If you're watching a show for entertainment, doesn't really matter.
But if you're about to wire $25 million or even your life savings, then it matters.
So in those cases where the stakes are high,
then we should be relying on other mechanisms like out-of-band communications.
Out-of-band means if I got a phone call and I hear your voice on it,
then I'm going to hang up and then call you back
at another number that I know you're supposed to answer at.
Maybe even I call a family member or a friend of yours
to verify that the story holds up.
You know, are they really in that other country that they claim they're in?
Because I didn't know they were supposed to be there.
So that's one way.
Also, using other means.
If I got a voice call, maybe I send an email.
Maybe I do it from a different device even.
We can talk a little bit more about what some of these options are
in another video that I'll point you to at the end.
And another thing that that helps in this case,
a lot of people have have really tried to get smart about this.
And they'll say, well, in that grandparent scheme you mentioned,
what if in advance we agreed on a code word?
Is that going to work?
So in other words, I tell all my family members, if I ever call you asking for money,
ask me what the code word is, and if I don't know it, then it's probably a deepfake.
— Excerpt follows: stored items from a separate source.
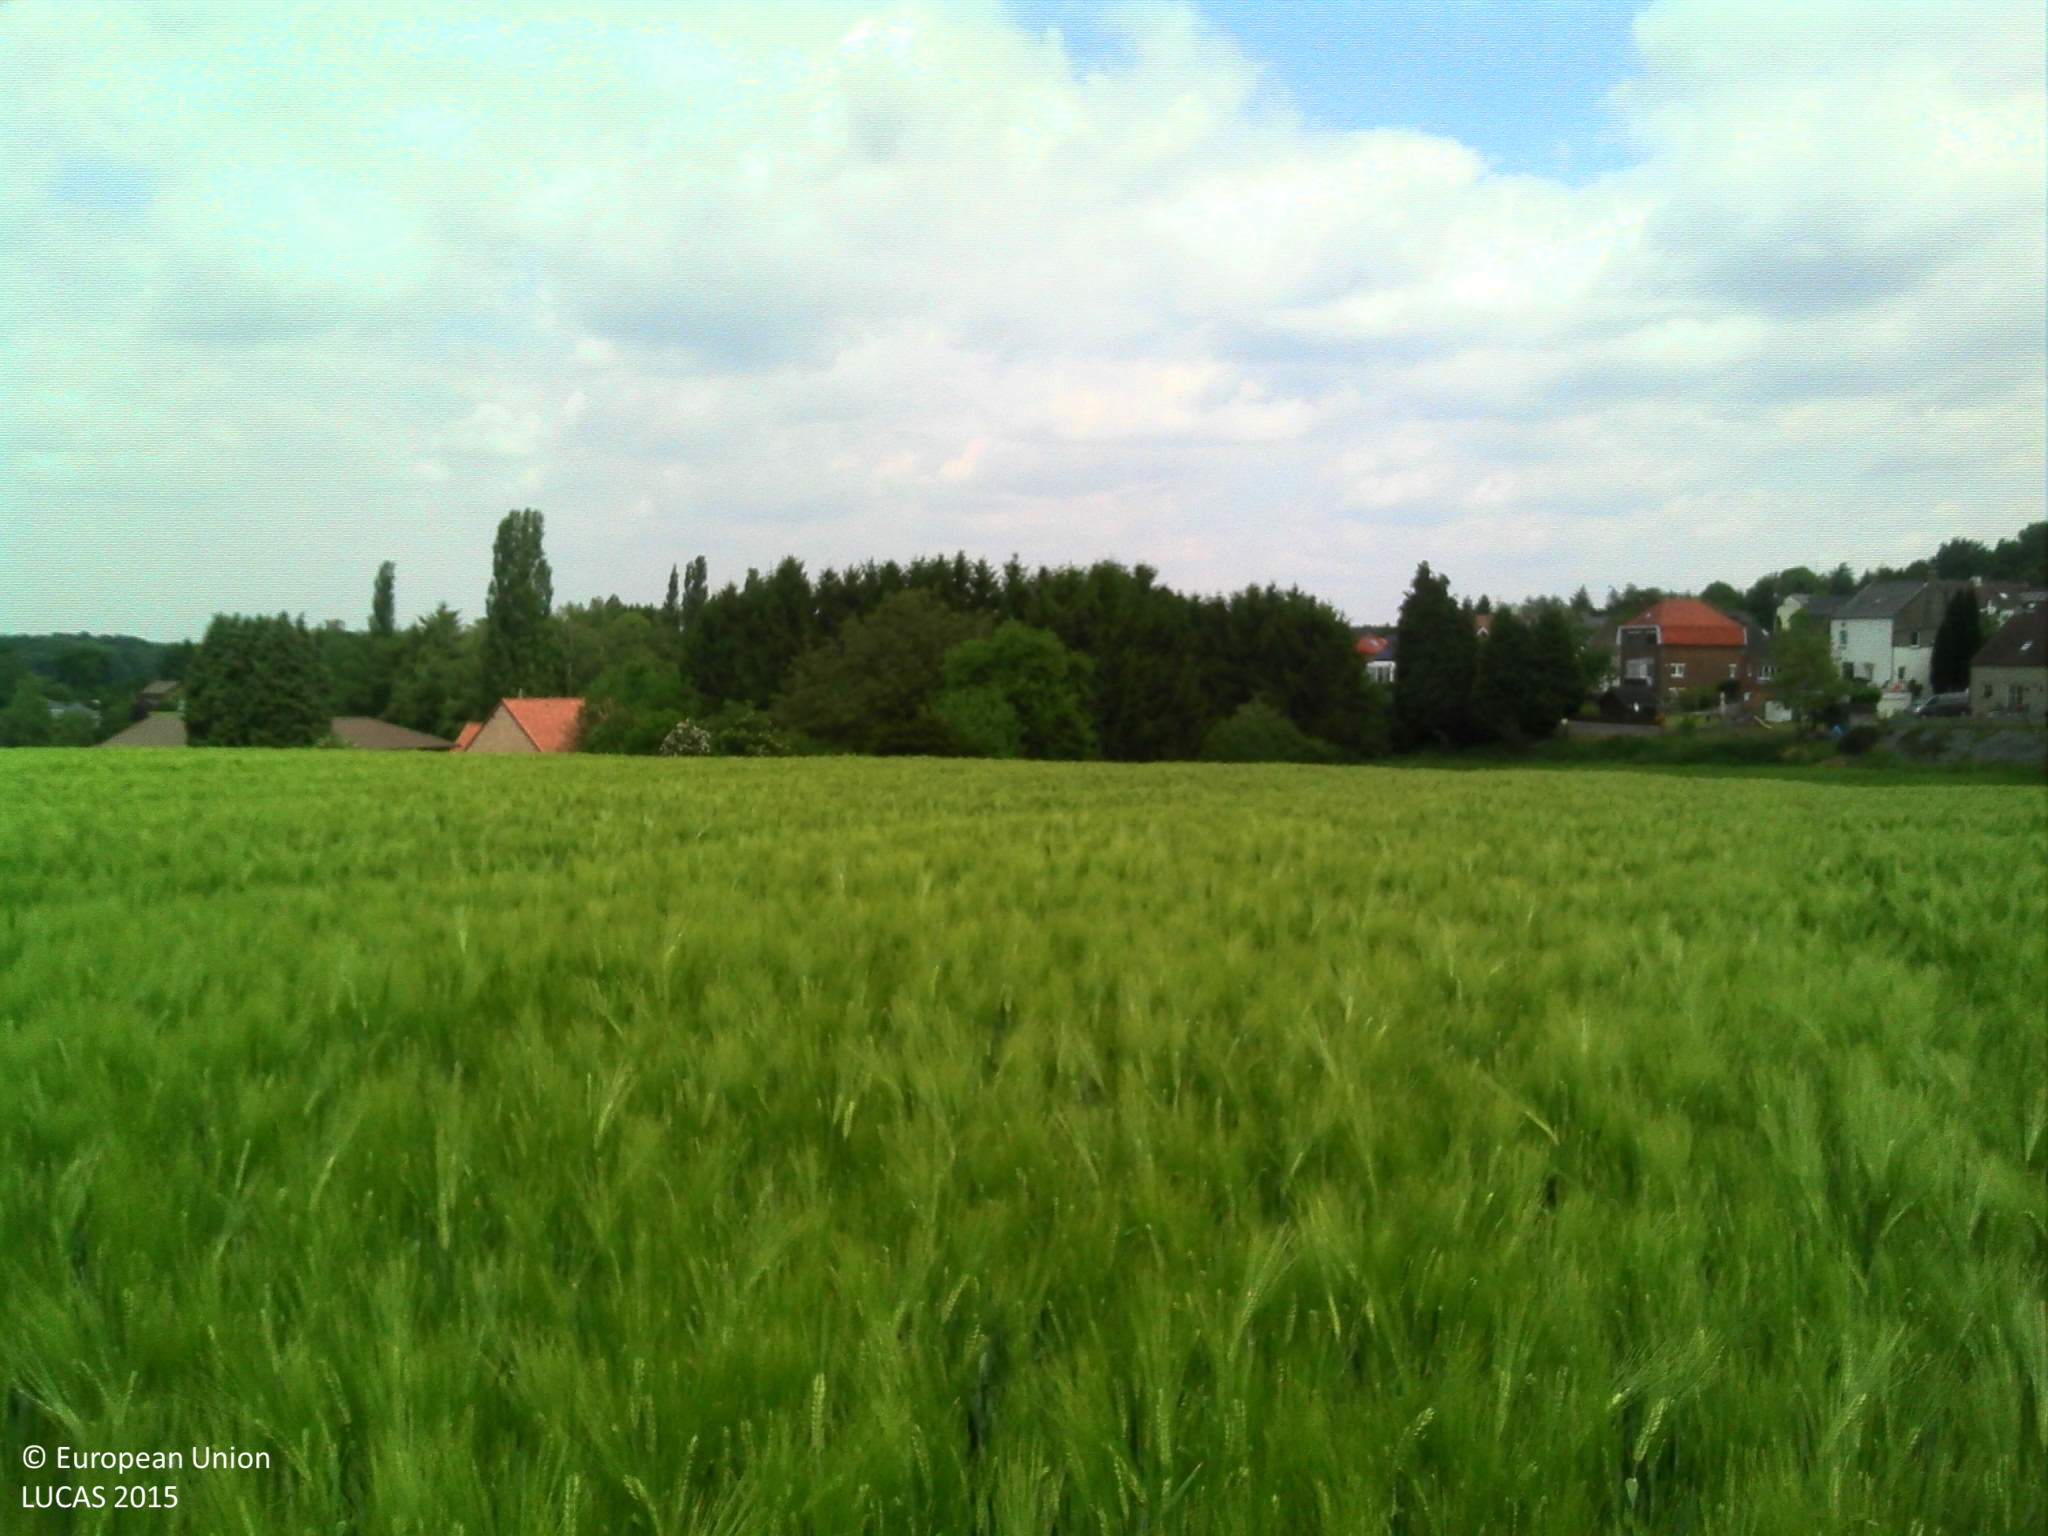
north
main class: Cropland
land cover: Barley
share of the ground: > 75 %
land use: Agriculture (excluding fallow land and kitchen gardens)
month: May
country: BE
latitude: 50.6129
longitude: 4.5551

And because the deepfake generator can generate my voice,
but it doesn't know all the things that I know.
So this sort of secret knowledge pre-shared in advance
would be the way to tell if I trust it or not.
I put a question mark on this for a reason though.
There is a special type of attack,
I'll make reference to where you can find out more about it, that defeats even that.
Deepfakes represent an escalation in the cyber arms race.
The bad guys keep getting more and better tools.
That means we're going to have to keep getting smarter in order to defend against it.
So that was the purpose of this video to make you aware of what deepfakes are,
what some of the risks are,
and warn you in terms of what kinds of capabilities you might use
in order to defeat these things and detect them when they happen.
Take a look also at the video I did on audio jacking,
so that you'll understand why code words may not be the panacea that you had hoped they'd be.
They say that for warned is forearmed.
Now you should consider yourself to be both.